Just need to talk!!! Just received letter from James Cook to go for our information session on 14th October things are finally starting to happen    bit scared but excited at the same time been waiting so long hopefully this will be the start of something good !!! They have said we can have 3 attempts at IUI not sure if medicated or not and if this is unsuccessful 3 attempts at IVF please please please let one of them work      
Not sure how long after the session the treatment will begin but feels good to know that things are finally happening. My love and    goes to everyone going through this and thanks to everyone who posts as it helps so much


----------



## JO98 (Sep 17, 2009)

Hi

I know what you are going through as we are now waiting for treatment to start.

We have been told that we can have 3 IUI attempts (all medicated as I don't ovulate properly)and 3 IVF afterwards.

We are currently having treatment at Leigh Infirmary and were on a waiting list for 18 weeks.  After the 18 weeks we received a letter to contact them to make our appointments.

The first appointment we had to make was 16th July and that was to see the counsellor and we were asked questions about what we could give to a child, etc (all the questions that people who can have them no problem do not have to think about answering).

We had our second appointment on 10th July and this was to sit down with a nurse and go through the ins & outs as well as filling out all of the consent forms.

We are now waiting of AF to arrive so that I can phone for us to start our treatment.  I don't have regular cycles and they are normally very long ranging from 46 days to 70 days.  On the upside they have told me if AF hasn't arrived by day 35 to phone and they will give me medication to make AF start which if it doesn't arrive before is next Tuesday.

It's hard in the weeks in between because you feel like time is being wasted doing nothing but now I am so close and can't wait.

Hope    everything goes okay for you and that you don't have to go down the IVF route.

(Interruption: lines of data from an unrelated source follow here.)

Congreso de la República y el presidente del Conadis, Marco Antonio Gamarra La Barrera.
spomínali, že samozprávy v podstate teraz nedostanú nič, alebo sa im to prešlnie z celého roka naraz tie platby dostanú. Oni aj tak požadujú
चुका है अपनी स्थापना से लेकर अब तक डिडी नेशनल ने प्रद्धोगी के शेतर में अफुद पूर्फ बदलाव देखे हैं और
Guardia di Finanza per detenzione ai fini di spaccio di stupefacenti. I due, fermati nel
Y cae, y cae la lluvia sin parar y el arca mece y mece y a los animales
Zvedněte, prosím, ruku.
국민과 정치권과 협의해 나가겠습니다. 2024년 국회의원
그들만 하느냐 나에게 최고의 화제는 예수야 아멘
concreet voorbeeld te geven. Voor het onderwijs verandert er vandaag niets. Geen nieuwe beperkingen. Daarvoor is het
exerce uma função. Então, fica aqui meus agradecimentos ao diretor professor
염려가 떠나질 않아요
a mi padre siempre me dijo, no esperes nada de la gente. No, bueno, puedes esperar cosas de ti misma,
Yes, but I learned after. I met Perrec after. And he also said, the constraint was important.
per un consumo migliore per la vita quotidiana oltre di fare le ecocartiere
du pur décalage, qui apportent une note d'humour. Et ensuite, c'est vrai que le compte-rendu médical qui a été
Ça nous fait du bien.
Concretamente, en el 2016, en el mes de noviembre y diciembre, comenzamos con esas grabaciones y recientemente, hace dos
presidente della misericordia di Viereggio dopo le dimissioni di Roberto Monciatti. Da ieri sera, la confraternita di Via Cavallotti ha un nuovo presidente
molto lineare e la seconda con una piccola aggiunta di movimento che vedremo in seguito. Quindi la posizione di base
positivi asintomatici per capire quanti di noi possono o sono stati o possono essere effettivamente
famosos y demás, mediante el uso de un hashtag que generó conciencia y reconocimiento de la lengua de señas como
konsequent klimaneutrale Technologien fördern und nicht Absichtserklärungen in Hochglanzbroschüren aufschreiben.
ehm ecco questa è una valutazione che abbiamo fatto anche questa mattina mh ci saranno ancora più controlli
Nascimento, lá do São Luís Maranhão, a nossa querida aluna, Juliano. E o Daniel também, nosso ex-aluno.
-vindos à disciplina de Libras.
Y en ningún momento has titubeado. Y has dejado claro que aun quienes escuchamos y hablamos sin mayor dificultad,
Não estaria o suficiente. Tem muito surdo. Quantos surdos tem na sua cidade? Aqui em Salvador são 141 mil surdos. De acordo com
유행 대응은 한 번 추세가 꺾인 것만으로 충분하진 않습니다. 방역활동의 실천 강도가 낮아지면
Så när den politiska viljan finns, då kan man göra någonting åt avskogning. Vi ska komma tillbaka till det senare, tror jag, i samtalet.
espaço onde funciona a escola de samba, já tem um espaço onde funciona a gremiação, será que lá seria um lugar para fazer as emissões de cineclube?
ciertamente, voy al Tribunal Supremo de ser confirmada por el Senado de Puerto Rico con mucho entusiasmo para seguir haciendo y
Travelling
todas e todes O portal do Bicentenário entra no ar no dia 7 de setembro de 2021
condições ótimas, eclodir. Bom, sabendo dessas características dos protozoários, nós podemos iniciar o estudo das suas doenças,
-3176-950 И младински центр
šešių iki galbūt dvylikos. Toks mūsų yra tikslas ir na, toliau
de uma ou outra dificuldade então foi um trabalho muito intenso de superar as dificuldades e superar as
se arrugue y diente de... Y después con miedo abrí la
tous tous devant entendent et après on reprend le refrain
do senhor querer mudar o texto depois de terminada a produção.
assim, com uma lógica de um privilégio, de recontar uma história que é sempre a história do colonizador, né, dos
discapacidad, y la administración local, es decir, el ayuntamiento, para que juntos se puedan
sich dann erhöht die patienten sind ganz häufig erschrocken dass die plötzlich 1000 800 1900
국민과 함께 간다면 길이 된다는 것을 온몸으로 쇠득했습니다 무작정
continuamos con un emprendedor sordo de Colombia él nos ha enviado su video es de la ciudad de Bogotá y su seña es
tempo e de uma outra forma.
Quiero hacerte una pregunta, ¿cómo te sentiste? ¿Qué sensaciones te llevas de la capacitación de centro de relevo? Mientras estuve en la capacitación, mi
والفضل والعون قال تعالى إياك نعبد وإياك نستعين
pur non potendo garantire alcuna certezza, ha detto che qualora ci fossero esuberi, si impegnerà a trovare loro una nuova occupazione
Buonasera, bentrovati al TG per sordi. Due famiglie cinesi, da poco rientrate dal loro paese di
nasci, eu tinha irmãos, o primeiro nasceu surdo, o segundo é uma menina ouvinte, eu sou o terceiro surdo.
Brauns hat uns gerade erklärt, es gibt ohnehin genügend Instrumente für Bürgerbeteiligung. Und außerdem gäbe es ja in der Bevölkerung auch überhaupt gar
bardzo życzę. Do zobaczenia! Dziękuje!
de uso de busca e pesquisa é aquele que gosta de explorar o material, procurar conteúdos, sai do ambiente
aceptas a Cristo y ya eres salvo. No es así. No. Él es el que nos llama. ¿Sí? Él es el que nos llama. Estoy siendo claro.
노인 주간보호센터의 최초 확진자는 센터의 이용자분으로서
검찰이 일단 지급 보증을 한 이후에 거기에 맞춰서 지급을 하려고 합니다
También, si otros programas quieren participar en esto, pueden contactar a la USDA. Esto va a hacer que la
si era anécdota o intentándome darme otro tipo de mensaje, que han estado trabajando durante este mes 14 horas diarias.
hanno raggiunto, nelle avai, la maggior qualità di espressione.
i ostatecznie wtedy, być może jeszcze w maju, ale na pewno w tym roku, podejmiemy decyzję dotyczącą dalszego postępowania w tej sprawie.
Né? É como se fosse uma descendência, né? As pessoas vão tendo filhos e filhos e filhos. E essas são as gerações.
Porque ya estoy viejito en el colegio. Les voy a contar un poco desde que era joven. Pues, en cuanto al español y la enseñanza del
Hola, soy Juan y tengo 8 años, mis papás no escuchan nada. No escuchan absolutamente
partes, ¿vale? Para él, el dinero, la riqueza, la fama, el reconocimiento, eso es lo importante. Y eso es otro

Just to let you know I have been told by the hospital that if I get an abandoned cycle for any reason that they don't count it as one of them and continue until I have had three completed cycles and I don't know if this varies from Clinic to Clinic but it may be worth asking as it was a point that I felt I needed to clear up before I started treatment.

JO98 xx


----------



## joeyrella (May 13, 2009)

its such an exciting and overwhelming step to finally be starting treatment.  good luck to both of you


----------



## leanne0206 (Aug 24, 2009)

Thank you both for your responses    

We were told our waiting list was around 6 months so our consultation is half way there kind of breaks up the wait but they did say that may not be that long so fingers crossed.

I understand what you say about them asking what you can offer a child do they think we would put ourselves through this heartbreaking process if we weren't willing to offer them a loving home!!

JO98 I hope you begin your first treatment really soon hopefully that will be the only one you will need    its so nice to hear from someone going trough the same thing please keep us updated on how your treatment goes and i will be sending lots of     

With love


----------



## JO98 (Sep 17, 2009)

Hi Leanne0206

AF arrived on Saturday (typical with it being bank holiday weekend and clinic not open then) so went to clinic to start menopur injections Tuesday.  I was dreading them as I thought that the nurses would show me and I would forget once I got home but they gave me an instruction sheet to follow.

The injections are really easy.  I was a bit bothered that I wouldn't be able to do them myself but to be honest I actually like doing them as I feel like I am doing something to help us along the way and I am feeling very up beat and optimistic.

I am booked in for my first tracking scan on Tuesday 7th so hopefully everything will be going as it should be.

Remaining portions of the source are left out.